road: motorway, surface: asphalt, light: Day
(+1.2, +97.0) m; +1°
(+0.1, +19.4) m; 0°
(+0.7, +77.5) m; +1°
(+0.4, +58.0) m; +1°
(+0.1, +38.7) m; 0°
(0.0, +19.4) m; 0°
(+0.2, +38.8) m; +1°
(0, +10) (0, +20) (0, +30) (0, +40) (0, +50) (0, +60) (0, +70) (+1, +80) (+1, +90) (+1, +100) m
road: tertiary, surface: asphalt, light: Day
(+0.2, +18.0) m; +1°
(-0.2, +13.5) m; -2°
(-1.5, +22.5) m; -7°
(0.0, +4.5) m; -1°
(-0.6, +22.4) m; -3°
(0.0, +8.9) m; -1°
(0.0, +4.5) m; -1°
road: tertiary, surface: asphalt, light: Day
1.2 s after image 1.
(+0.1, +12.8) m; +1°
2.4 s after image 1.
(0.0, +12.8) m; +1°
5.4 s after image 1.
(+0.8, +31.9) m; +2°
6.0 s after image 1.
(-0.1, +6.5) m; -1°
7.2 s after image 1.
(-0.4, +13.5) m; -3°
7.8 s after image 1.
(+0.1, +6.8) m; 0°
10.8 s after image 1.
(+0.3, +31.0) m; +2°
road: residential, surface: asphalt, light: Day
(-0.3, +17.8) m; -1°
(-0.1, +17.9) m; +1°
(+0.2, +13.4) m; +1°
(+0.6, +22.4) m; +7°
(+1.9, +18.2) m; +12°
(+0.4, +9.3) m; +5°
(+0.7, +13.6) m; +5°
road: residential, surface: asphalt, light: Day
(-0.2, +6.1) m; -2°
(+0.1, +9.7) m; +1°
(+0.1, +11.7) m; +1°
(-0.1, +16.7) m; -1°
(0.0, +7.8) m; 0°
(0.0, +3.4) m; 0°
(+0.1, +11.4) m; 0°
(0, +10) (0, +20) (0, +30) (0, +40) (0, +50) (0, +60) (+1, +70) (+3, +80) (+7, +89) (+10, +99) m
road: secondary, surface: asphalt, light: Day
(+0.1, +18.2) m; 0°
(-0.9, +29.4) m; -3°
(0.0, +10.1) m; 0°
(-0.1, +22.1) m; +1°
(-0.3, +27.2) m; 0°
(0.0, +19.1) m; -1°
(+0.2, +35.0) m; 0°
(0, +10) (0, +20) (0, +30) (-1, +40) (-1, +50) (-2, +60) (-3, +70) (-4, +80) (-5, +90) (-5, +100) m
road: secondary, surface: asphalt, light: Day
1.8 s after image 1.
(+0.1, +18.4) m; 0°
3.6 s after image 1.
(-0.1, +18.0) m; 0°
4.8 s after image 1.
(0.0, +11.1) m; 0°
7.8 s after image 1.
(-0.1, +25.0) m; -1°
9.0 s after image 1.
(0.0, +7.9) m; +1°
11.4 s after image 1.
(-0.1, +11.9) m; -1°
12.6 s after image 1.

########

Instructions to follow:
Return all of the data above verbatim.

Finished task:
road: motorway, surface: asphalt, light: Day
(+1.2, +97.0) m; +1°
(+0.1, +19.4) m; 0°
(+0.7, +77.5) m; +1°
(+0.4, +58.0) m; +1°
(+0.1, +38.7) m; 0°
(0.0, +19.4) m; 0°
(+0.2, +38.8) m; +1°
(0, +10) (0, +20) (0, +30) (0, +40) (0, +50) (0, +60) (0, +70) (+1, +80) (+1, +90) (+1, +100) m
road: tertiary, surface: asphalt, light: Day
(+0.2, +18.0) m; +1°
(-0.2, +13.5) m; -2°
(-1.5, +22.5) m; -7°
(0.0, +4.5) m; -1°
(-0.6, +22.4) m; -3°
(0.0, +8.9) m; -1°
(0.0, +4.5) m; -1°
road: tertiary, surface: asphalt, light: Day
1.2 s after image 1.
(+0.1, +12.8) m; +1°
2.4 s after image 1.
(0.0, +12.8) m; +1°
5.4 s after image 1.
(+0.8, +31.9) m; +2°
6.0 s after image 1.
(-0.1, +6.5) m; -1°
7.2 s after image 1.
(-0.4, +13.5) m; -3°
7.8 s after image 1.
(+0.1, +6.8) m; 0°
10.8 s after image 1.
(+0.3, +31.0) m; +2°
road: residential, surface: asphalt, light: Day
(-0.3, +17.8) m; -1°
(-0.1, +17.9) m; +1°
(+0.2, +13.4) m; +1°
(+0.6, +22.4) m; +7°
(+1.9, +18.2) m; +12°
(+0.4, +9.3) m; +5°
(+0.7, +13.6) m; +5°
road: residential, surface: asphalt, light: Day
(-0.2, +6.1) m; -2°
(+0.1, +9.7) m; +1°
(+0.1, +11.7) m; +1°
(-0.1, +16.7) m; -1°
(0.0, +7.8) m; 0°
(0.0, +3.4) m; 0°
(+0.1, +11.4) m; 0°
(0, +10) (0, +20) (0, +30) (0, +40) (0, +50) (0, +60) (+1, +70) (+3, +80) (+7, +89) (+10, +99) m
road: secondary, surface: asphalt, light: Day
(+0.1, +18.2) m; 0°
(-0.9, +29.4) m; -3°
(0.0, +10.1) m; 0°
(-0.1, +22.1) m; +1°
(-0.3, +27.2) m; 0°
(0.0, +19.1) m; -1°
(+0.2, +35.0) m; 0°
(0, +10) (0, +20) (0, +30) (-1, +40) (-1, +50) (-2, +60) (-3, +70) (-4, +80) (-5, +90) (-5, +100) m
road: secondary, surface: asphalt, light: Day
1.8 s after image 1.
(+0.1, +18.4) m; 0°
3.6 s after image 1.
(-0.1, +18.0) m; 0°
4.8 s after image 1.
(0.0, +11.1) m; 0°
7.8 s after image 1.
(-0.1, +25.0) m; -1°
9.0 s after image 1.
(0.0, +7.9) m; +1°
11.4 s after image 1.
(-0.1, +11.9) m; -1°
12.6 s after image 1.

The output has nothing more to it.